Curtis and Davis, architects. Progressive Architecture First Design Award 1959. photo: Francine Stock
The School Facilities Master Plan of Orleans Parish has ignored and consistently threatened to eradicate important mid-century modern public schools from New Orleans’s historic neighborhoods. From the outset, DOCOMOMO US/Louisiana identified the George Washington Carver Junior-Senior High School as one of the most architecturally significant buildings of its generation.
In the early 1950s, the nationally recognized New Orleans-based architectural firm of Curtis and Davis won a design competition, and responded by creating an elegant school complex. The most compelling structure is a dramatic cast in place concrete auditorium building.

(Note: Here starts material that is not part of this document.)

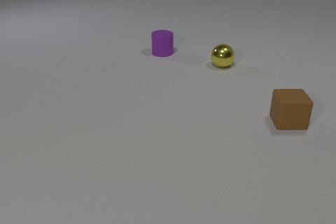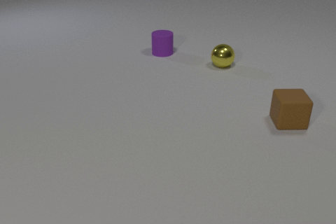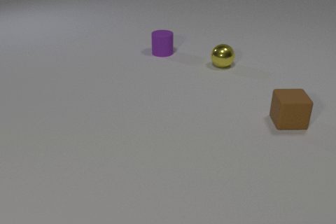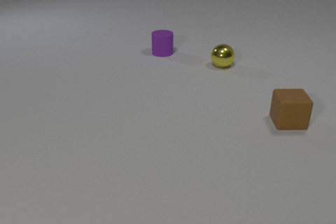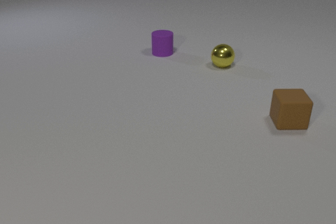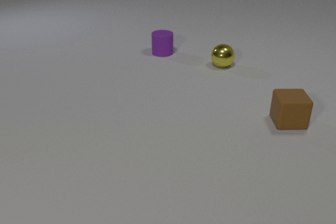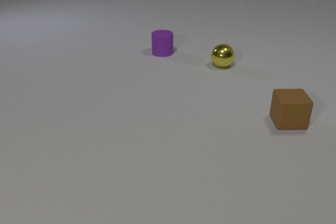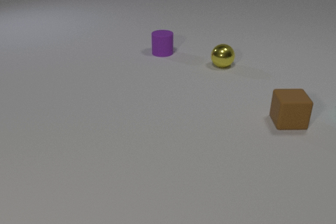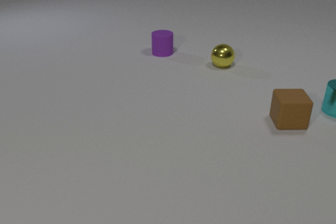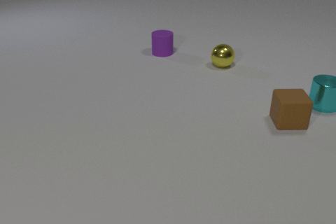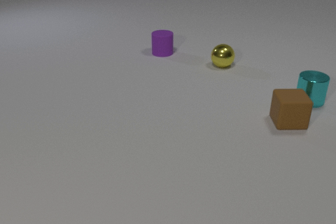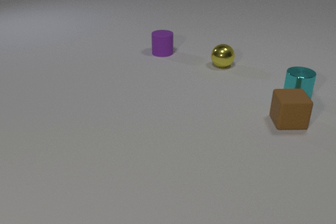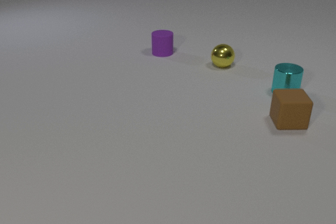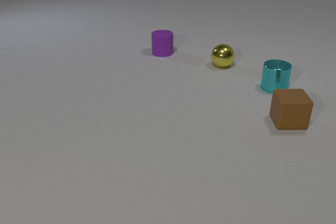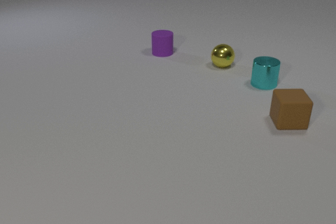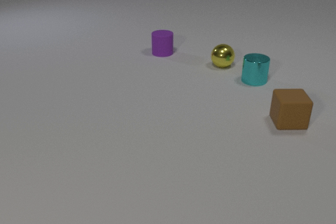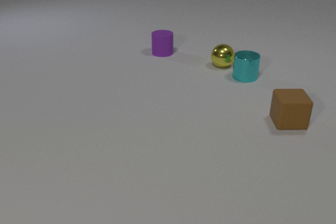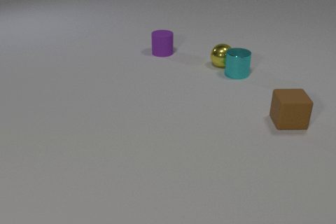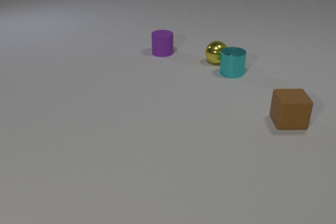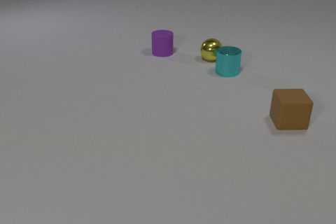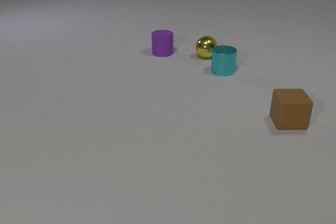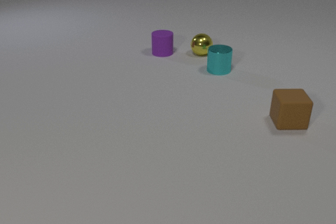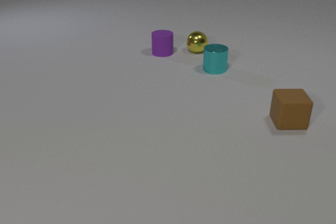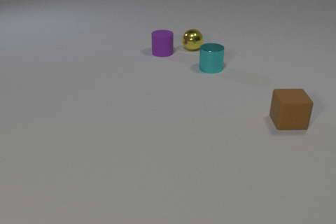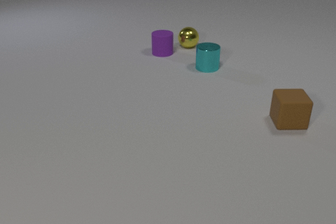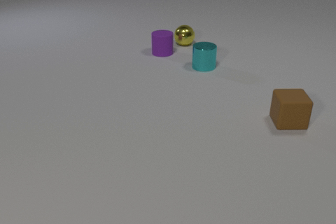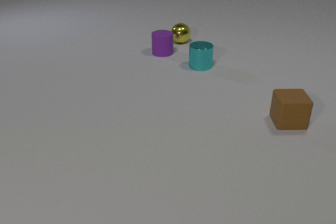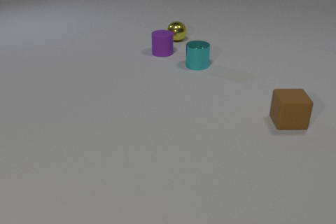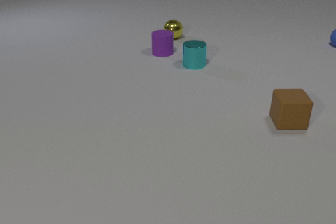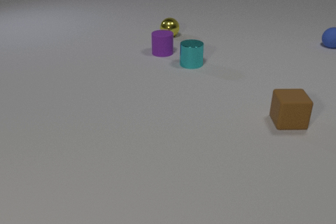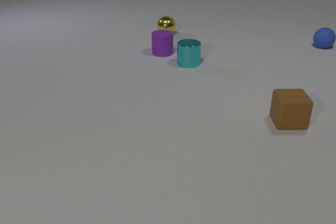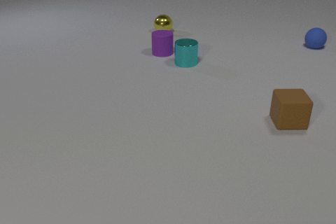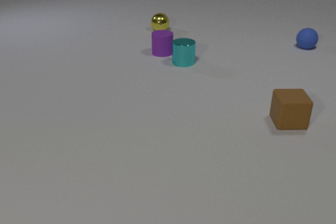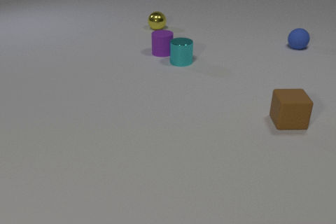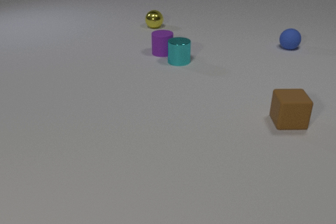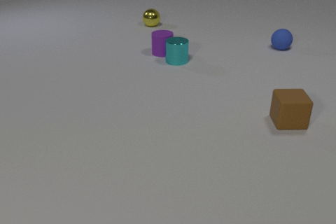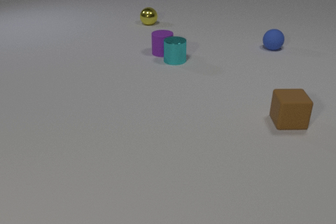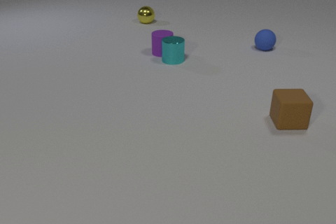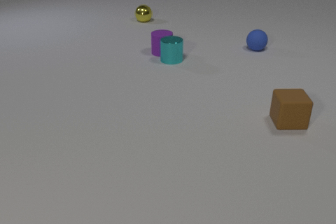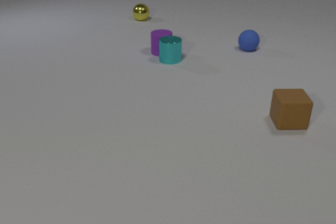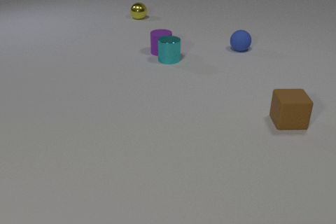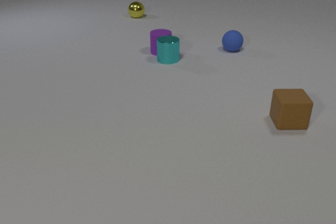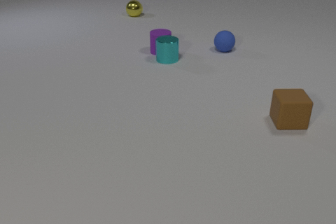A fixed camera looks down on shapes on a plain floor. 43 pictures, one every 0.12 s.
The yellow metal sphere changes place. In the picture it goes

The monumental structure utilized parabolic concrete hinged arches that extend beyond the building and rest on hinged concrete buttresses, creating a modern stoa that shelters one from rain and sun. The Federal Emergency Management Agency assessed the building's innovative auditorium as eligible for the National Register, thereby triggering the National Historic Preservation Act’s Section 106 Process.
DOCOMOMO US/Louisiana, in an effort to save the building, has agreed to participate as a Consulting Party in the Section 106 Process. DOCOMOMO US/Louisiana advocates for the adaptive reuse of George Washington Carver’s auditorium space: allow its inspiring vaulted space to continue its function as a gathering space for new generations of Ninth Ward students.